Thus, in some embodiments, the host computer 24 includes processing circuitry 42 configured to provide user data and a communication interface 40 that is configured to forward the user data to a cellular network for transmission to the WD 22. In some embodiments, the cellular network also includes the network node 16 with a radio interface 62. In some embodiments, the network node 16 is configured to, and/or the network node’s 16 processing circuitry 68 is configured to perform the functions and/or methods described herein for preparing/initiating/maintaining/ supporting/ending a transmission to the WD 22, and/or preparing/terminating/ maintaining/supporting/ending in receipt of a transmission from the WD 22.

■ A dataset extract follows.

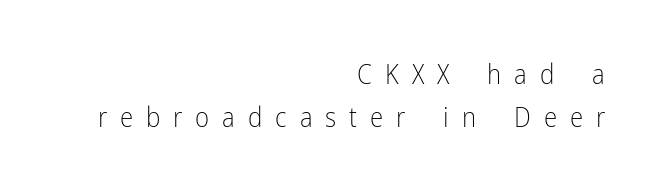
{"italic": "no", "bold": "no", "underline": "no", "align": "right", "line_spacing": "normal", "line_spacing_ratio": 1.6, "letter_spacing": "wide", "letter_spacing_em": 0.48, "glyph_px": 27}
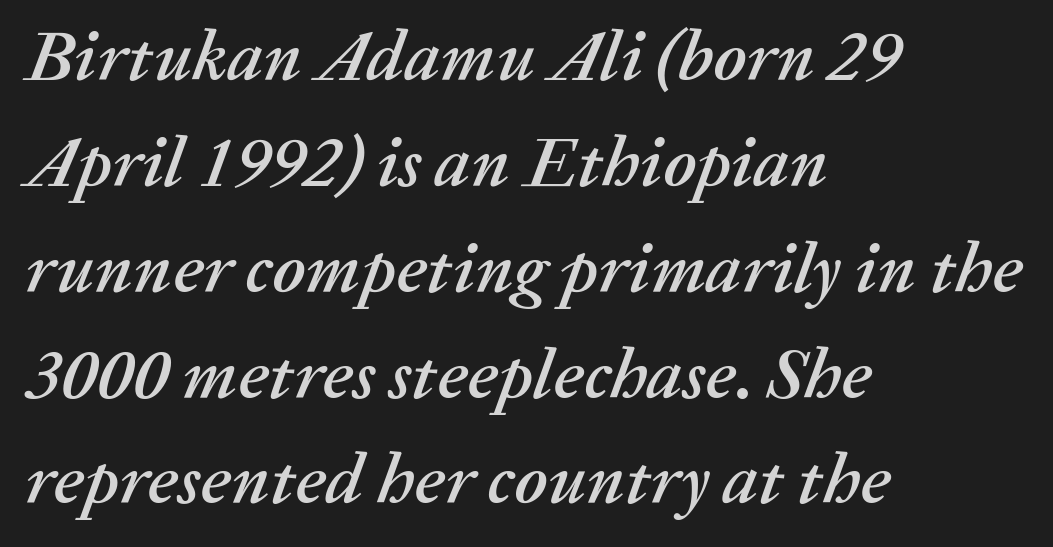
The image shows 72 px text type, italic (leaning right); set left-aligned, normal line spacing (1.47x), normal letter spacing, not underlined; medium stroke contrast and a medium x-height.

In some embodiments, the host computer 24 includes processing circuitry 42 and a communication interface 40 that is configured to a communication interface 40 configured to receive user data originating from a transmission from a WD 22 to a network node 16. In some embodiments, the WD 22 is configured to, and/or comprises a radio interface 82 and/or processing circuitry 84 configured to perform the functions and/or methods described herein for preparing/initiating/maintaining/ supporting/ending a transmission to the network node 16, and/or preparing/ terminating/ maintaining/ supporting/ending in receipt of a transmission from the network node 16.

Although FIGS. 10 and 11 show various “units” such as the phase correction unit 32 as being within a respective processor, it is contemplated that these units may be implemented such that a portion of the unit is stored in a corresponding memory within the processing circuitry. In other words, the units may be implemented in hardware or in a combination of hardware and software within the processing circuitry.

FIG. 12 is a flowchart illustrating an example method implemented in a communication system, such as, for example, the communication system of FIGS. 10 and 11, in accordance with one embodiment. The communication system may include a host computer 24, a network node 16 and a WD 22, which may be those described with reference to FIG. 11. In a first step of the method, the host computer 24 provides user data (Block S100). In an optional substep of the first step, the host computer 24 provides the user data by executing a host application, such as, for example, the host application 50 (Block S102). In a second step, the host computer 24 initiates a transmission carrying the user data to the WD 22 (Block S104). In an optional third step, the network node 16 transmits to the WD 22 the user data which was carried in the transmission that the host computer 24 initiated, in accordance with the teachings of the embodiments described throughout this disclosure (Block S106). In an optional fourth step, the WD 22 executes a client application, such as, for example, the client application 92, associated with the host application 50 executed by the host computer 24 (Block s 108).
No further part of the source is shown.